Christ was born into the next sign, Pisces the Fishes, and it is for this reason that we
eat fish on Good Friday, in commemoration of His coming. Tertullian, one of the early
Church Fathers, speaks of Jesus Christ as the "Great Fish," and of us, His
followers, as the "little fishes." These facts are well known, as the following
extract will indicate:

"The
ceremonies of purification by the sprinkling or drenching of the novice with the blood of
bulls or rams were widespread, and were to be found in the rites of Mithra. By this
purification a man was 'born again' and the Christian expression 'washed in the blood of
the Lamb' is undoubtedly a reflection of this idea, the reference thus being clear in the
words of the Epistle to the Hebrews: 'It is not possible that the blood of bulls and of
goats should take away [194] sins.' In this passage the writer goes on to say: 'Having
boldness to enter into the holiest by the blood of Jesus, by a new and living way which he
hath consecrated for us through the veil, that is to say his flesh... let us draw near...
having our hearts sprinkled from an evil conscience, and our bodies washed with pure
water.' But when we learn that the Mithraic initiation ceremony consisted in entering
boldly into a mysterious underground 'holy of holies' with the eyes veiled, and there
being sprinkled with blood, and washed with water, it is clear that the author of the
Epistle thinking of those Mithraic rites with which everybody at that time must have been
so familiar."
- The Paganism in Our Christianity, by Arthur Weigall, pp. 132, 133.

Christ came
to abolish these sacrifices by showing us their true meaning, and in His Person as perfect
man He died the death of the Cross to show us (in picture form and through actual
demonstration) that divinity can be manifested and can truly express itself only when man,
as man, has died in order that the hidden Christ may live. The lower carnal nature (as St.
Paul loved to call it) must die in order that the higher divine nature may show forth in
all its beauty. The lower self must die in order that the higher self can manifest on
earth. Christ had to die in order that once and for all mankind might learn the lesson
that by the sacrifice of the human nature the divine aspect might be "saved."
Thus Christ summed up in Himself the significance of all the past world sacrifices.
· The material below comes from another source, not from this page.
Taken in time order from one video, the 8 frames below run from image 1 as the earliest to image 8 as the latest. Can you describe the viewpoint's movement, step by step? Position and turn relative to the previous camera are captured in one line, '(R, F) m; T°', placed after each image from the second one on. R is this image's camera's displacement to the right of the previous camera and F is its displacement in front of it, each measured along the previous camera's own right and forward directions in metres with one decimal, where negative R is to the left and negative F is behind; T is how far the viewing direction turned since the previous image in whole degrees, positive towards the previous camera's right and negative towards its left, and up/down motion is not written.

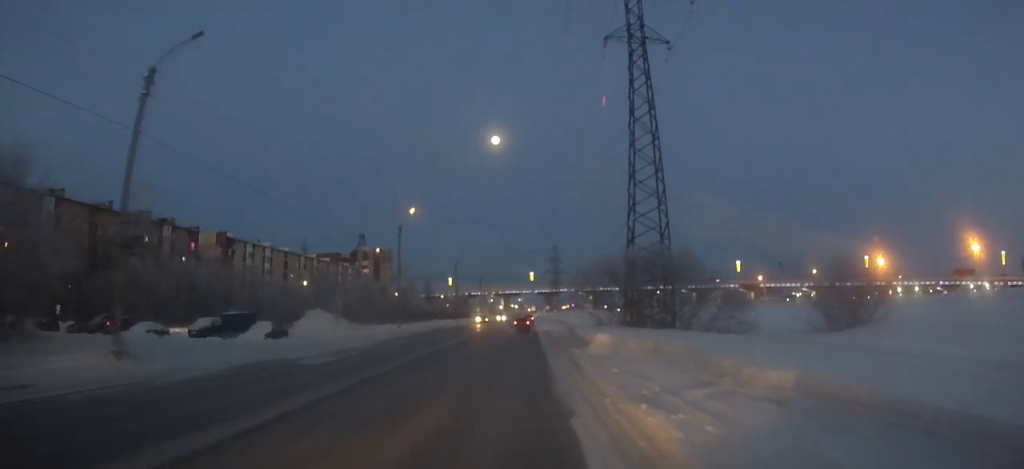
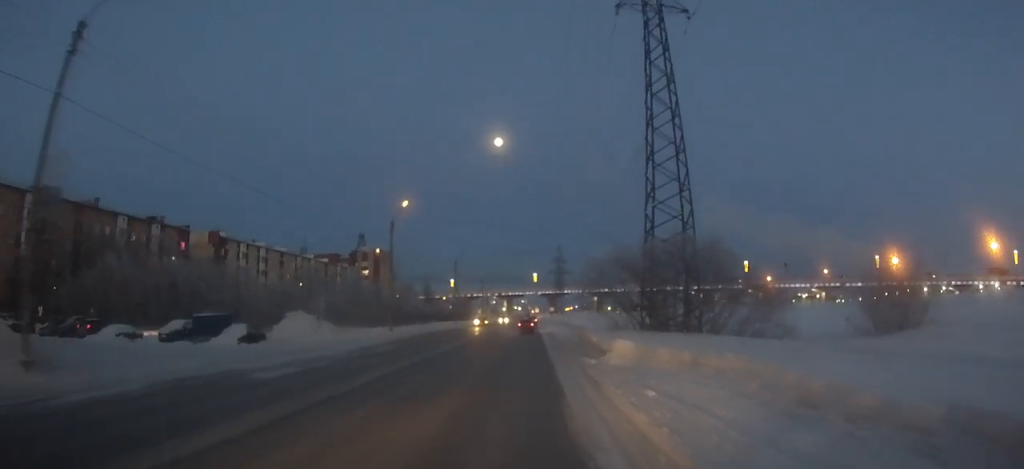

That
mysterious truth which had been revealed only to the pledged and trained initiate when he
was ready for the fourth initiation was given out by Christ to the world of men. He
died for all so that all might live. But this is not the doctrine of the vicarious
at-one-ment which was pre-eminently St. Paul's interpretation of the Crucifixion, but the
doctrine which Christ Himself taught - the doctrine of divine immanence (see St. John
XVII), and the doctrine of the God-Man.
Christianity inherited many of its interpretations, and the teachers and interpreters
of the early Christian times were no more free from the thralldom of ancient beliefs than
are we [195] from the interpretations given to Christianity during the past two thousand
years. Christ did give us the teaching that we must die in order to live as Gods, and
therefore He died. He did sum up in Himself all the traditions of the past for He
"not only fulfiled the Judaic Scriptures, but He also fulfiled those of the pagan
world, and therein lay the great appeal of early Christianity. In Him a dozen shadowy Gods
were condensed into a proximate reality; and in His crucifixion the old stories of their
ghastly at-oning sufferings and sacrificial deaths were made actual and given a direct
meaning." (Ibid., p. 166.) But His death was also the consummating act of a life of
sacrifice and service, and the logical outcome of His teaching. Pioneers and those who
reveal to men their next step, those who come forth as the interpreters of the divine
Plan, inevitably are repudiated, and usually die as the result of their courageous
pronouncements. To this rule Christ was no exception. "Advanced Christian thinkers
now regard the Crucifixion of our Lord as the supreme sacrifice made by Him for the sake
of the principles of His teaching. It was the crowning act of His most heroic life, and it
affords such a sublime example to mankind that meditation upon it may be said to produce a
condition of at-one-ment with the Fountainhead of all goodness." (Ibid., p. 166.)